Pourquoi écrire un livre sur Sarah BERNHARDT ?
J’ai été attiré par cette forte personnalité aux multiples talents dont j’ai découvert, à six ans,
 la vie passionnante au musée de la Citadelle à Belle-Isle-en-Mer.
 Depuis, l’idée d’un livre a fait son chemin.
C’est un être hors du commun en termes de qualité d’âme et de cœur, doté de force et courage.
 
Quels étaient les combats de cette femme engagée ?
A une époque où puritanisme et moralisme étaient de mise (née en 1844 et décédée en 1923),
 elle s’est risquée à défendre le droit des femmes, la liberté d’expression, la lutte contre l’homophobie,
 contre l’antisémitisme et toute autre forme d’exclusion.
 Ces luttes sont un symbole d’altérité et restent toujours d’actualité.
 
Pourquoi avoir choisi le mode du roman épistolaire ?
 
L’échange de correspondances est un bon ressort.
 C’est aussi une prise de risque.
 Deux épistoliers ont bien existé.
Il s’agit d’une amie de Sarah BERNHARDT, la peintre Louise Abbéma, et d’un amant éconduit, sociétaire de la Comédie Française, Jean Mounet-Sully.
 L’amie séjourne au « fortin » et raconte le quotidien rocambolesque qui s’y passe, à l’amant furieux resté à Paris.
De leurs côtés, deux personnages « fictifs »
issus du monde du théâtre échangent aussi des lettres
. A travers ces courriers truffés d’anecdotes amusantes, se dessine l’infatigable dynamique de cette « Patronne »
 visionnaire et catalyseur de talents créatifs.
 
Que représentait le « fortin » de Belle-Ile-en-Mer pour Sarah BERNHARDT ?
Un site grandiose sur la Côte Sauvage, où la vedette mondiale allait
 « puiser sous son ciel vivifiant et reposant de nouvelles forces artistiques».

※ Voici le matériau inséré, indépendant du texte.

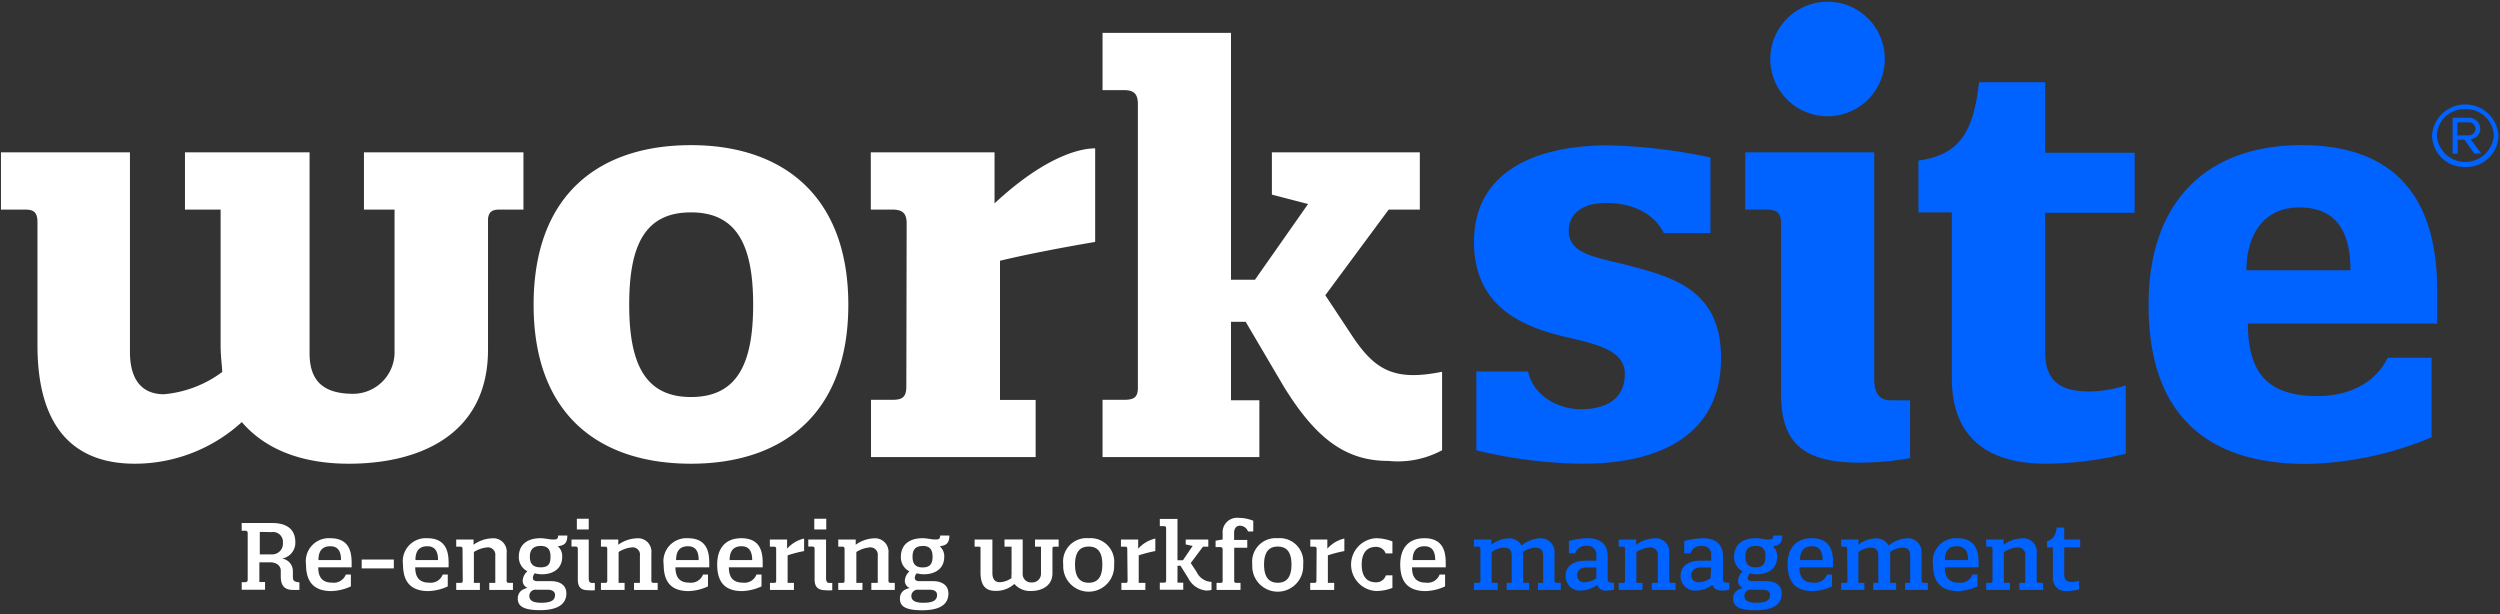 <svg id="Layer_1" data-name="Layer 1" xmlns="http://www.w3.org/2000/svg" viewBox="0 0 233.55 57.39"><rect x="0" y="0" width="233.55" height="57.39" fill="#333333" stroke="none"/><defs><style>.cls-1{fill:#0062ff}.cls-2{fill:#fff}.cls-3{fill:#1e1e1c}</style></defs><path class="cls-1" d="M230.3 15.6a3 3 0 0 1-3.1-2.91 3.11 3.11 0 0 1 6.21 0 3 3 0 0 1-3.11 2.91zm0-5.4a2.56 2.56 0 0 0-2.65 2.49 2.67 2.67 0 0 0 5.32 0 2.57 2.57 0 0 0-2.67-2.49zm.85 4.16l-.92-1.31h-.63v1.31h-.48V11h1.45a1.07 1.07 0 0 1 1.14 1 1 1 0 0 1-.91 1l1 1.33zm-.58-2.93h-1v1.21h1a.61.61 0 1 0 0-1.21z"/><path class="cls-2" d="M22.58 54.39h.3c.21 0 .26-.1.26-.24v-4.33c0-.14-.05-.24-.24-.24h-.32v-.72h2.82c1.58 0 2.19.74 2.19 1.79a1.5 1.5 0 0 1-1.23 1.53 1.19 1.19 0 0 1 1 1.23v.44c0 .35.05.51.61.55v.71h-.57c-.71 0-1.17-.28-1.17-1.25v-.55c0-.4-.33-.78-1-.78h-1v1.84h.53v.72h-2.18zm1.69-4.7v2.1h1.11a1 1 0 0 0 1.05-1.08.92.92 0 0 0-1.05-1zm4.32 3.05a2.15 2.15 0 0 1 2.26-2.46c1.66 0 2 1.11 2 2.28V53h-3.12c0 1 .45 1.43 1.29 1.43a1.21 1.21 0 0 0 1.29-.76h.47v1.11a4.67 4.67 0 0 1-1.84.44c-1.52-.01-2.35-.76-2.35-2.48zm3.27-.42c0-.61-.15-1.29-1-1.29s-1.11.56-1.11 1.29zm1.93-.05h3v.83h-3zm3.86.47a2.15 2.15 0 0 1 2.26-2.46c1.65 0 2 1.11 2 2.28V53h-3.12c0 1 .45 1.43 1.29 1.43a1.19 1.19 0 0 0 1.28-.76h.47v1.11a4.58 4.58 0 0 1-1.83.44c-1.52-.01-2.35-.76-2.35-2.48zm3.27-.42c0-.61-.15-1.29-1-1.29s-1.11.56-1.11 1.29zm2.29-1.04c0-.19-.1-.21-.23-.21h-.36v-.67h1.62v.49a3.14 3.14 0 0 1 1.73-.6 1.25 1.25 0 0 1 1.36 1.4v2.55c0 .19.09.21.23.21h.36v.66h-2.21v-.66h.56v-2.53a.69.69 0 0 0-.78-.78 2.76 2.76 0 0 0-1.22.43v2.88h.56v.66h-2.21v-.66H43c.13 0 .23 0 .23-.21zm7.28-1c.43 0 .85.12 1.16.12s.49 0 .49-.37H53c0 .84-.42.93-.89 1a1.22 1.22 0 0 1 .41 1c0 1.05-.79 1.62-1.9 1.62a2.93 2.93 0 0 1-.67-.09.74.74 0 0 0-.17.44c0 .16.11.29.41.29h1.28c.76 0 1.44.32 1.44 1.15C52.9 56.51 52 57 50.45 57s-2.08-.38-2.08-1.08c0-.46.24-.85.92-1a.71.71 0 0 1-.46-.69 1.25 1.25 0 0 1 .44-.86 1.47 1.47 0 0 1-.8-1.37c0-1.09.76-1.72 2.02-1.72zm-.4 4.81a.58.58 0 0 0-.64.57c0 .4.27.65 1.12.65s1.28-.2 1.28-.73c0-.21-.12-.49-.72-.49zM50.5 51c-.71 0-1 .39-1 1s.24 1 1 1 .93-.36.93-1-.24-1-.93-1zm4.82 3.46h.25v.68a3 3 0 0 1-.59 0c-.67 0-1-.25-1-1v-2.86c0-.19-.09-.22-.24-.22h-.35v-.66H55V54c0 .29.06.46.32.46zm-1.43-6H55v1h-1.11zm2.84 2.82c0-.19-.1-.21-.24-.21h-.35v-.67h1.62v.49a3.12 3.12 0 0 1 1.73-.6 1.25 1.25 0 0 1 1.36 1.4v2.55c0 .19.09.21.23.21h.36v.66h-2.21v-.66h.55v-2.53a.68.68 0 0 0-.78-.78 2.72 2.72 0 0 0-1.21.43v2.88h.56v.66h-2.21v-.66h.35c.14 0 .24 0 .24-.21zM62 52.74a2.15 2.15 0 0 1 2.26-2.46c1.66 0 2 1.11 2 2.28V53H63.1c0 1 .45 1.43 1.29 1.43a1.21 1.21 0 0 0 1.29-.76h.46v1.11a4.58 4.58 0 0 1-1.83.44c-1.52-.01-2.31-.76-2.31-2.48zm3.27-.42c0-.61-.15-1.29-1-1.29s-1.11.56-1.11 1.29zm1.73.42c0-1.62.86-2.46 2.25-2.46 1.66 0 2 1.11 2 2.28V53h-3.16c0 1 .46 1.43 1.3 1.43a1.19 1.19 0 0 0 1.28-.76h.47v1.11a4.62 4.62 0 0 1-1.83.44c-1.52-.01-2.31-.76-2.31-2.48zm3.27-.42c0-.61-.16-1.29-1-1.29s-1.11.56-1.11 1.29zm2.24-1.04c0-.19-.09-.21-.23-.21h-.36v-.67h1.61v.86a3 3 0 0 1 1.59-.95v1.17a12 12 0 0 0-1.54.4v2.57h.59v.66h-2.24v-.66h.35c.14 0 .23 0 .23-.21zm4.99 3.18h.25v.68a3.13 3.13 0 0 1-.59 0c-.68 0-1.06-.25-1.06-1v-2.86c0-.19-.09-.22-.23-.22h-.36v-.66h1.66V54c0 .29.07.46.33.46zm-1.43-6h1.12v1h-1.12zm2.83 2.82c0-.19-.09-.21-.23-.21h-.36v-.67h1.63v.49a3.11 3.11 0 0 1 1.72-.6 1.26 1.26 0 0 1 1.34 1.4v2.55c0 .19.09.21.22.21h.37v.66H81.4v-.66h.6v-2.53a.69.69 0 0 0-.78-.78 2.76 2.76 0 0 0-1.22.43v2.88h.57v.66h-2.26v-.66h.36c.14 0 .23 0 .23-.21zm7.28-1c.43 0 .86.12 1.16.12s.49 0 .49-.37h.86c0 .84-.43.93-.9 1a1.23 1.23 0 0 1 .42 1c0 1.05-.8 1.62-1.9 1.62a3 3 0 0 1-.68-.09.74.74 0 0 0-.17.44c0 .16.12.29.41.29h1.29c.75 0 1.44.32 1.44 1.15 0 1.09-.89 1.57-2.46 1.57s-2.07-.38-2.07-1.08c0-.46.23-.85.92-1a.71.71 0 0 1-.46-.69 1.23 1.23 0 0 1 .43-.86 1.47 1.47 0 0 1-.8-1.37c0-1.1.77-1.73 2.02-1.73zm-.39 4.81a.59.59 0 0 0-.65.57c0 .4.27.65 1.12.65s1.28-.2 1.28-.73c0-.21-.11-.49-.71-.49zm.4-4.08c-.71 0-.94.39-.94 1s.23 1 .94 1 .93-.36.93-1-.23-1.01-.93-1.01zm5.23.06h-.37v-.67h1.66v3.14c0 .61.29.85.68.85A2 2 0 0 0 94.5 54a1.1 1.1 0 0 1 0-.36v-2.57h-.66v-.67h1.7v3.2a.78.78 0 0 0 .87.81.81.81 0 0 0 .84-.79v-2.55h-.56v-.67h2.21v.67h-.38c-.11 0-.2 0-.2.17v2.32c0 1.17-1 1.65-2 1.65a1.94 1.94 0 0 1-1.56-.66 2.51 2.51 0 0 1-1.76.65c-.9 0-1.4-.46-1.4-1.73v-2.2c.04-.18-.05-.2-.18-.2zm10.29-.79a2.21 2.21 0 0 1 2.37 2.46 2.38 2.38 0 1 1-4.75 0 2.19 2.19 0 0 1 2.38-2.46zm0 4.16c.93 0 1.27-.66 1.27-1.7s-.34-1.68-1.27-1.68-1.28.65-1.28 1.68.35 1.7 1.28 1.7zm3.6-3.16c0-.19-.08-.21-.23-.21h-.36v-.67h1.61v.86a3.09 3.09 0 0 1 1.6-.95v1.17a12.32 12.32 0 0 0-1.55.4v2.57h.62v.66h-2.24v-.66h.36c.14 0 .22 0 .22-.21zm6.11-.28l-.65-.14v-.46h2.11v.67h-.5l-1.14 1.53.55.83a1.59 1.59 0 0 0 1.39.93v.75a1.88 1.88 0 0 1-.46.06A2.09 2.09 0 0 1 111 54l-.72-1.15H110v1.58h.54v.66h-2.19v-.66h.36c.13 0 .23 0 .23-.2v-4.86c0-.19-.1-.22-.23-.22h-.36v-.67H110v3.86h.51zm3.88 3.26c0 .17.1.19.23.19h.36v.66h-2.24v-.66h.35c.13 0 .22 0 .22-.19v-2.91a.21.21 0 0 0-.23-.24h-.43v-.6l.66-.11v-.56a1.35 1.35 0 0 1 1.51-1.46 3.57 3.57 0 0 1 1.35.27v1h-.49a.82.82 0 0 0-.74-.54c-.42 0-.56.34-.56.67v.66h1.23v.73h-1.22zm4.07-3.98a2.2 2.2 0 0 1 2.37 2.46 2.38 2.38 0 1 1-4.75 0 2.2 2.2 0 0 1 2.38-2.46zm0 4.16c.93 0 1.28-.66 1.28-1.7s-.35-1.68-1.28-1.68-1.28.65-1.28 1.68.35 1.7 1.28 1.7zm3.63-3.16c0-.19-.09-.21-.23-.21h-.36v-.67H124v.86a3 3 0 0 1 1.59-.95v1.17a12 12 0 0 0-1.54.4v2.57h.59v.66h-2.24v-.66h.35c.14 0 .23 0 .23-.21zm5.55 3.12a.94.94 0 0 0 .92-.65h.61v1.17a4.08 4.08 0 0 1-1.55.29 2.47 2.47 0 0 1 0-4.93 4.32 4.32 0 0 1 1.55.3v1.12h-.63a.93.93 0 0 0-.92-.61c-.87 0-1.32.61-1.32 1.65s.42 1.66 1.34 1.66zm2.26-1.66c0-1.62.86-2.46 2.25-2.46 1.66 0 2 1.11 2 2.28V53h-3.15c0 1 .45 1.43 1.3 1.43a1.19 1.19 0 0 0 1.28-.76h.51v1.11a4.62 4.62 0 0 1-1.83.44c-1.53-.01-2.36-.76-2.36-2.48zm3.27-.42c0-.61-.16-1.29-1-1.29s-1.11.56-1.11 1.29z"/><path class="cls-1" d="M138.3 51.27c0-.18-.1-.2-.24-.2h-.36v-.67h1.63v.48a2.76 2.76 0 0 1 1.54-.58 1.31 1.31 0 0 1 1.28.66 2.85 2.85 0 0 1 1.67-.67 1.28 1.28 0 0 1 1.4 1.4v2.5c0 .21.05.26.24.26h.35v.66h-2.13v-.66h.48v-2.52c0-.55-.24-.77-.75-.77a2.21 2.21 0 0 0-1.12.4v2.89h.55v.66h-2.09v-.66h.47v-2.53c0-.55-.23-.76-.76-.76a2.23 2.23 0 0 0-1.11.41v2.88h.57v.66h-2.22v-.66h.36c.14 0 .24 0 .24-.2zm10.83 1.11v-.59a.79.79 0 0 0-.89-.79 1 1 0 0 0-1.08.69h-.59v-1.15a7.2 7.2 0 0 1 1.75-.26c1.14 0 1.87.52 1.87 1.7v2.13c0 .2.1.33.36.33h.23v.65a3.61 3.61 0 0 1-.67.08.83.83 0 0 1-.9-.53 2.69 2.69 0 0 1-1.51.53 1.34 1.34 0 0 1-1.44-1.38c0-.79.59-1.41 1.83-1.41zm0 .63h-.84c-.51 0-.95.16-.95.72a.63.63 0 0 0 .71.66 1.83 1.83 0 0 0 1.08-.37zm2.68-1.73c0-.19-.09-.21-.23-.21h-.36v-.67h1.63v.49a3.11 3.11 0 0 1 1.72-.6 1.26 1.26 0 0 1 1.37 1.4v2.55c0 .19.08.21.22.21h.37v.66h-2.22v-.66h.56v-2.53a.69.69 0 0 0-.78-.78 2.76 2.76 0 0 0-1.22.43v2.88h.57v.66h-2.22v-.66h.36c.14 0 .23 0 .23-.21zm8.05 1.1v-.59A.79.79 0 0 0 159 51a1 1 0 0 0-1.07.69h-.59v-1.15a7.2 7.2 0 0 1 1.74-.26c1.15 0 1.88.52 1.88 1.7v2.13c0 .2.09.33.35.33h.24v.65a3.72 3.72 0 0 1-.67.08c-.41 0-.78-.12-.9-.53a2.72 2.72 0 0 1-1.52.53 1.34 1.34 0 0 1-1.46-1.38c0-.79.59-1.41 1.84-1.41zm0 .63H159c-.52 0-1 .16-1 .72a.63.63 0 0 0 .7.66 1.86 1.86 0 0 0 1.09-.37zm4.14-2.73c.43 0 .85.12 1.16.12s.49 0 .49-.37h.85c0 .84-.42.93-.89 1a1.22 1.22 0 0 1 .41 1c0 1.05-.79 1.62-1.9 1.62a2.93 2.93 0 0 1-.67-.09.74.74 0 0 0-.17.44c0 .16.11.29.41.29H165c.76 0 1.45.32 1.45 1.15 0 1.09-.89 1.57-2.46 1.57s-2.08-.38-2.08-1.08c0-.46.24-.85.92-1a.71.71 0 0 1-.46-.69 1.25 1.25 0 0 1 .44-.86A1.47 1.47 0 0 1 162 52c0-1.09.76-1.72 2-1.72zm-.4 4.81a.58.58 0 0 0-.64.57c0 .4.27.65 1.12.65s1.28-.2 1.28-.73c0-.21-.12-.49-.72-.49zM164 51c-.71 0-.95.39-.95 1s.24 1 .95 1 .93-.36.93-1-.21-1-.93-1zm3 1.74c0-1.62.86-2.46 2.25-2.46 1.66 0 2 1.11 2 2.28V53h-3.15c0 1 .45 1.43 1.3 1.43a1.19 1.19 0 0 0 1.28-.76h.47v1.11a4.62 4.62 0 0 1-1.83.44c-1.49-.01-2.32-.76-2.32-2.48zm3.27-.42c0-.61-.16-1.29-1-1.29s-1.11.56-1.11 1.29zm2.29-1.05c0-.18-.1-.2-.24-.2H172v-.67h1.62v.48a2.76 2.76 0 0 1 1.55-.58 1.31 1.31 0 0 1 1.27.66 2.87 2.87 0 0 1 1.67-.67 1.28 1.28 0 0 1 1.4 1.4v2.5c0 .21.05.26.24.26h.35v.66h-2.13v-.66h.48v-2.52c0-.55-.24-.77-.75-.77a2.24 2.24 0 0 0-1.12.4v2.89h.56v.66H175v-.66h.47v-2.53c0-.55-.23-.76-.76-.76a2.19 2.19 0 0 0-1.1.41v2.88h.56v.66H172v-.66h.35c.14 0 .24 0 .24-.2zm8.02 1.47a2.15 2.15 0 0 1 2.26-2.46c1.66 0 2 1.11 2 2.28V53h-3.15c0 1 .45 1.43 1.29 1.43a1.2 1.2 0 0 0 1.29-.76h.47v1.11a4.62 4.62 0 0 1-1.83.44c-1.49-.01-2.33-.76-2.33-2.48zm3.28-.42c0-.61-.16-1.29-1.05-1.29s-1.11.56-1.11 1.29zm2.28-1.04c0-.19-.09-.21-.23-.21h-.36v-.67h1.63v.49a3.12 3.12 0 0 1 1.73-.6 1.25 1.25 0 0 1 1.36 1.4v2.55c0 .19.09.21.22.21h.37v.66h-2.21v-.66h.55v-2.53a.69.69 0 0 0-.78-.78 2.76 2.76 0 0 0-1.22.43v2.88h.57v.66h-2.22v-.66h.36c.14 0 .23 0 .23-.21zm6.7 2.42c0 .5.28.67.71.67a2.34 2.34 0 0 0 .67-.11v.8a4.07 4.07 0 0 1-1.11.15 1.18 1.18 0 0 1-1.33-1.28v-2.8h-.55v-.58c.6-.14.81-.57.91-1.27h.7v1.12h1.49v.73h-1.49z"/><path class="cls-2" d="M45.59 32.67c0 7.9-6.34 10.65-13 10.65-4.15 0-7.68-1.19-10-3.89a14.82 14.82 0 0 1-10 3.89c-5.35 0-9.09-3-9.09-11.06V20.73c0-.94-.41-1.15-1.14-1.15H.09v-5.35h12.05v18.65c0 2.75 1.25 3.95 3.17 3.95a10.67 10.67 0 0 0 5.45-2.08c0-.47-.15-1.35-.15-2.54V19.58h-3.33v-5.35h11.64V33c0 2.65 1.35 3.79 4.1 3.79A3.89 3.89 0 0 0 36.86 33V19.58H34v-5.35h14.9v5.35h-2.22c-.57 0-1 .11-1.09.84zm18.96 4.42c4.36 0 5.81-3.17 5.81-8.62s-1.45-8.63-5.81-8.63-5.77 3.16-5.77 8.63 1.46 8.62 5.77 8.62m0-23.53c8.51 0 14.7 4.67 14.7 14.91s-6.19 14.85-14.7 14.85-14.7-4.52-14.7-14.85S56 13.56 64.55 13.56m20.15 7.32c0-1-.42-1.3-1.35-1.3h-2v-5.35h11.56V19c4.46-4.15 7.73-5.14 9.4-5.14v8.74c-3.07.52-6.55 1.19-8.89 1.76v13h3.33v5.34H81.37v-5.35h2c.88 0 1.3-.21 1.3-1.25zm37.5-1.82l-3.38-.88v-3.95h13.82v5.35h-2.91l-5.92 8 2.44 3.69c2.18 3.33 4 4.36 8.47 3.46v7.33a8.69 8.69 0 0 1-5 1c-3.95 0-6.75-2-9.82-7l-3.53-6H115v7.33h2.65v5.31H103v-5.35h2c.83 0 1.3-.16 1.3-1.09V9.72c0-1-.42-1.3-1.3-1.3h-2V3.07h12v23.06h2.24z"/><path class="cls-1" d="M159.79 14.7v7.07h-4.36c-1-2-3.17-2.81-5.4-2.81-2.55 0-3.48 1.3-3.48 2.6 0 2.28 2.8 2.49 5.71 3.27 4.1 1.09 8.52 2.29 8.52 8.62 0 7.12-5.61 9.87-12.94 9.87a44 44 0 0 1-9.92-1.25V34.7h4.83c.47 2.23 2.76 3.53 4.94 3.53s4.1-.83 4.1-3.32c0-2.08-2.39-2.7-5.09-3.33-4.15-.93-9-2.7-9-9s5.35-9 12.57-9a50.79 50.79 0 0 1 9.56 1.14m16.9 22.68h1.71v5.4a27.59 27.59 0 0 1-4.73.42c-5.45 0-7.32-2-7.32-6.44v-15.9c0-1-.42-1.3-1.35-1.3h-2v-5.35h12.05v21.09c0 1.3.36 2.08 1.61 2.08m14.36-4.47c0 2.81 1.61 3.64 4.1 3.64a11.11 11.11 0 0 0 3.43-.57v6.39a32.46 32.46 0 0 1-7.48.93c-3.48 0-8.77-1-8.77-8V19.84h-3.12V15c3.79-.52 5.14-2.6 5.66-7.32h6.18v6.59h8.36v5.61h-8.36zm28.52-7.68c0-3-.89-5.87-4.78-5.87-3.43 0-4.94 2.7-4.94 5.87zm-18.86 3.22c0-10 5.77-14.91 14.29-14.91 10 0 12.67 6.44 12.67 13.56v3.11H210c0 4.77 2 6.77 6.51 6.77 2 0 5.09-.62 6.55-3.58h4.1v7.43a31.77 31.77 0 0 1-11.69 2.49c-9.35 0-14.75-4.62-14.75-14.85M165.38 5.52a5.35 5.35 0 1 0 5.35-5.36 5.36 5.36 0 0 0-5.35 5.36"/></svg>

 Elle y séjournait accompagnée de sa « ménagerie », une joyeuse troupe d’amis, de proches, d’artistes et d’animaux exotiques.
 Il y régnait une atmosphère d’un sublime bazar où cohabitaient le guépard avec le poète,
 le singe avec le peintre, qui rappelait l’Art de Cour des Princes.
 Elle est consciente d’être aussi une curiosité parmi d’autres, au pire « une bête curieuse » !...
 
Elle avait « le sens coopératif » solidaire et fraternel avant l’heure ?
Elle développe son sens de la solidarité durant la guerre de 1870
 où elle transforme le théâtre de l’Odéon en centre d’accueil et de soins pour les soldats blessés.
 En 1911,
 elle reverse une partie de ses recettes théâtrales aux familles de pêcheurs de Belle-Ile-en-Mer sinistrées par une tempête.
 Et participe à la création et au financement d’une coopérative boulangère « Pain pas cher » dédiée aux plus démunis de l’ile.